Equipment-related failures range from disconnected cables to incorrect monitor settings. Individually uncommon, they collectively account for a non-negligible share of clinically relevant troubleshooting episodes and are entirely correctable once identified. Their relative brevity in the literature should not imply low clinical importance; a systematic approach to equipment verification is essential for distinguishing technical artifact from true neural events.
The INMSG troubleshooting algorithm [1,3] recommends a stepwise evaluation when unexpected signal change occurs. The logical starting point is stimulation delivery: the probe tip must be clean, undamaged, and delivering the intended current (1-2 mA for both RLN and vagus nerve stimulation [1]), as contact with electrocautery can compromise probe integrity. Functionality can be verified by stimulating an exposed muscle and observing a visible twitch. If stimulation is confirmed, attention turns to the grounding electrode, since a displaced or poorly conducting ground raises circuit impedance globally and attenuates the recorded signal regardless of nerve status. Recording electrode contact then requires verification: for ETT electrodes, this means reassessing tube position and checking impedance values (target ˂5 kΩ per electrode); for needle or alternative electrodes, insertion depth and wire integrity should be confirmed.
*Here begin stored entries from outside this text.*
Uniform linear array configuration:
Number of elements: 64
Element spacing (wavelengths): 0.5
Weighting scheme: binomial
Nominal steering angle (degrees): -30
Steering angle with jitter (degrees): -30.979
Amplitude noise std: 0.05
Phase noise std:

Cable connections between the electrodes, junction box, and monitor also warrant physical inspection, since partially disconnected or loosely seated connectors are a frequently overlooked cause of intermittent signal dropout. Finally, monitor settings should be reviewed: the event detection threshold, sensitivity, and stimulation parameters should match the institutional protocol, with the standard LOS criterion for RLN monitoring, an EMG amplitude below 100 µV from an initial satisfactory baseline, serving as a reference [3].
Only after this sequence has been completed without identifying a correctable cause should signal loss be attributed to a neural event. Contralateral vagus stimulation, when available, provides an additional system check: a normal contralateral response in the setting of ipsilateral signal loss supports a true ipsilateral neural event rather than a global equipment failure [1]. Figure 1 summarizes a stepwise approach to troubleshooting unexpected IONM signal loss before attributing the event to true neural injury.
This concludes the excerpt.